Empowering Techquity: The Role of Generative AI in Bridging the Health Equity Divide
Despite growing attention to the issue of health equity, there are still stark disparities in healthcare experiences and outcomes for historically underserved populations with socioeconomic barriers to care.
Members of Black, Indigenous, and People of Color (BIPOC) communities are more likely to be uninsured, more likely to struggle with care access, and more likely to experience everything from chronic diseases to cancer compared to non-Hispanic white people.
Solving for these challenges to improve overall health equity will require a multifaceted, system-wide approach that combines policy, reimbursement, education, and technology.
The advent of generative artificial intelligence (AI) – algorithms that can produce new narrative, audio, or visual content in response to prompts – represents a promising opportunity to take a major step forward in addressing equity gaps across the care continuum.
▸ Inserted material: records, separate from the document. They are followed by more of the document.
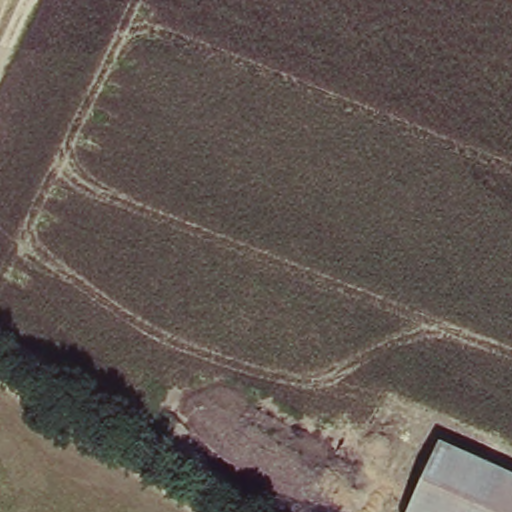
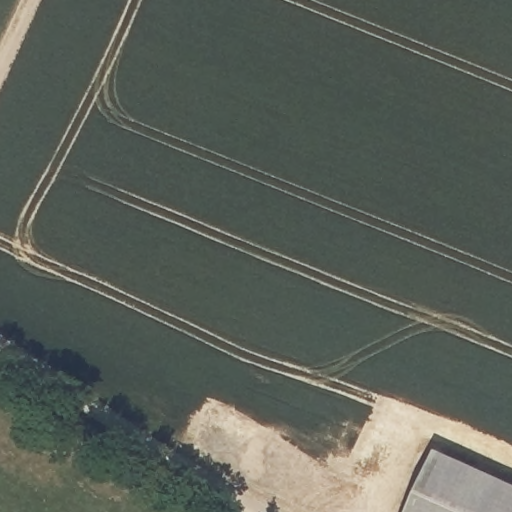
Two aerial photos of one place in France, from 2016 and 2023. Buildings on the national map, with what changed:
unchanged [(438,451),(512,484),(512,512),(409,512),(438,451)]

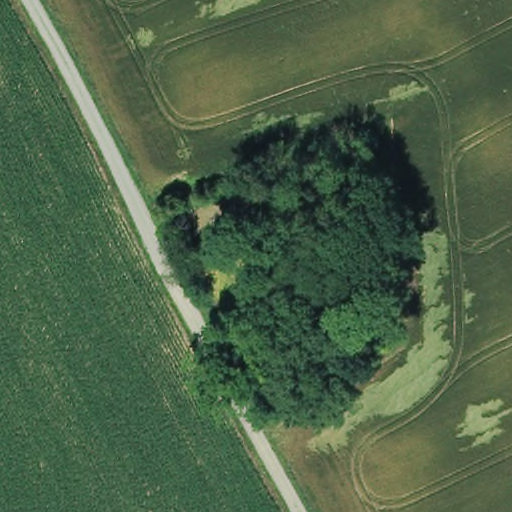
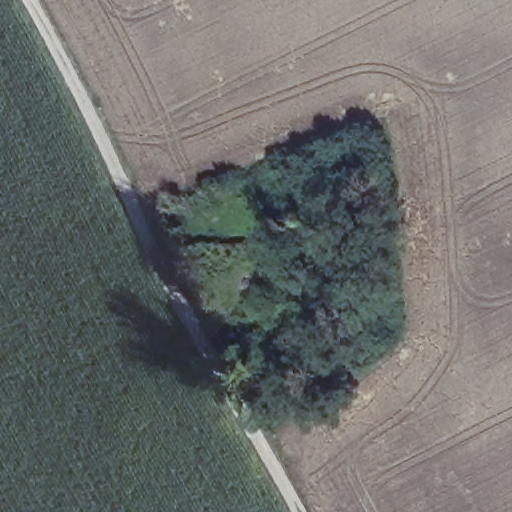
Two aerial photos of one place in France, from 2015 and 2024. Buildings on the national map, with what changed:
unchanged [(242,309),(197,306),(189,245),(272,238),(273,267),(313,270),(319,362),(255,371),(242,309)]

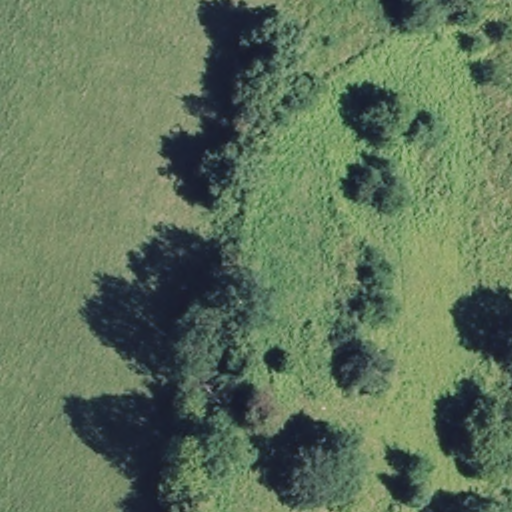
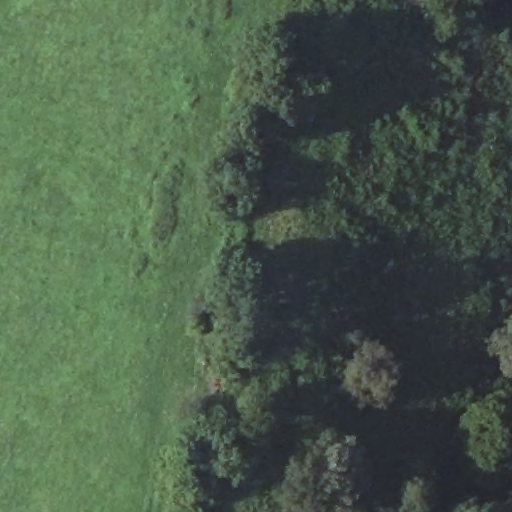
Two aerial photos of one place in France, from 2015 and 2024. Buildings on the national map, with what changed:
[]

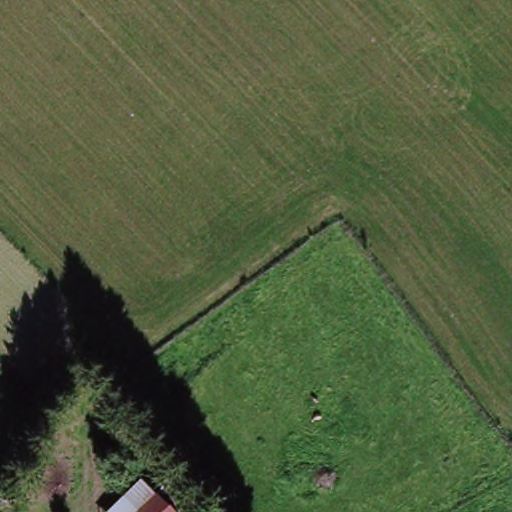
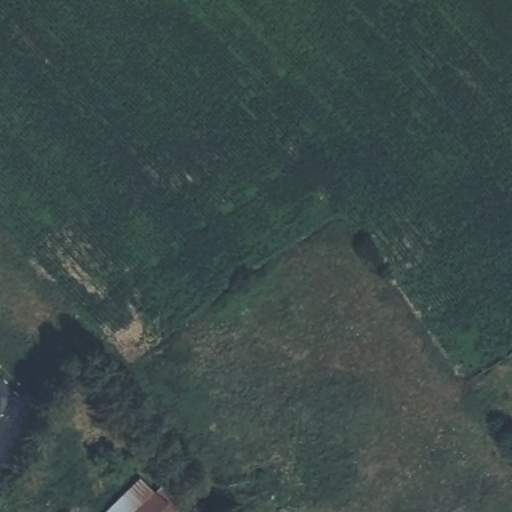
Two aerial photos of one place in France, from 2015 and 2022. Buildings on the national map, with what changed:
unchanged [(177,512),(103,512),(138,477),(177,512)]

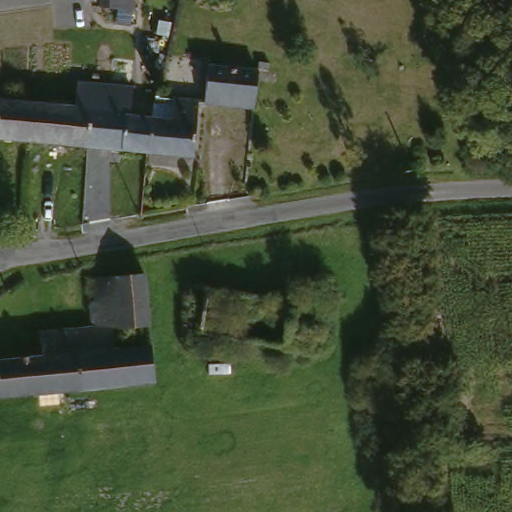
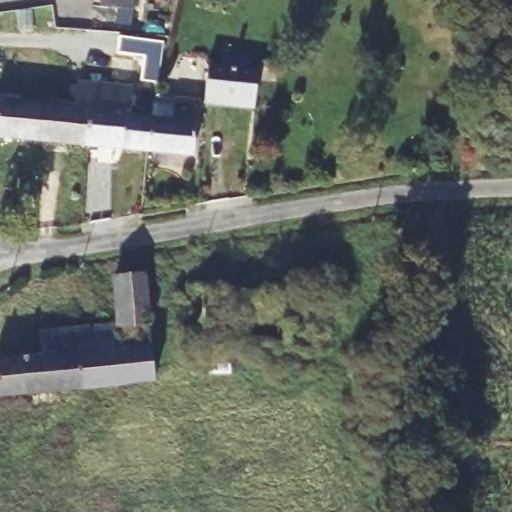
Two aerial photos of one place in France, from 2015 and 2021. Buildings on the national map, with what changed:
unchanged [(101,8),(102,0),(135,0),(134,10),(101,8)]
unchanged [(256,75),(251,113),(198,107),(203,69),(256,75)]
unchanged [(67,114),(69,88),(126,95),(125,121),(144,124),(137,157),(80,152),(81,115),(67,114)]
unchanged [(81,115),(80,152),(9,145),(0,144),(0,106),(13,108),(67,114),(81,115)]
unchanged [(144,124),(148,109),(166,110),(166,106),(191,108),(187,161),(137,157),(144,124)]
unchanged [(145,281),(152,385),(0,402),(0,365),(40,361),(38,337),(90,331),(86,287),(145,281)]

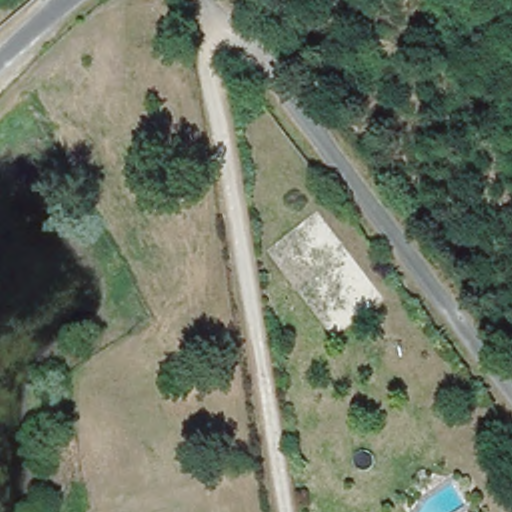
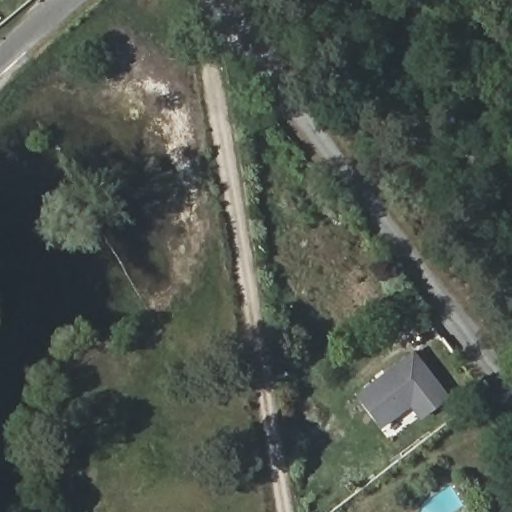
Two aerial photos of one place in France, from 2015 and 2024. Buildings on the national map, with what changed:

Generative AI can analyze vast amounts of healthcare data to identify patterns and predict outcomes, leading to more comprehensive insight into where disparities exist and how to close the gaps. However, it is crucial to deploy these tools carefully and deliberately, since hidden biases in the source data could propagate into the results, thereby exacerbating issues instead of resolving them.
Recently, Divurgent and CHIME convened a roundtable of healthcare CIOs from organizations serving a wide range of diverse communities across the United States to discuss the challenges and opportunities of leveraging generative AI to reduce health disparities.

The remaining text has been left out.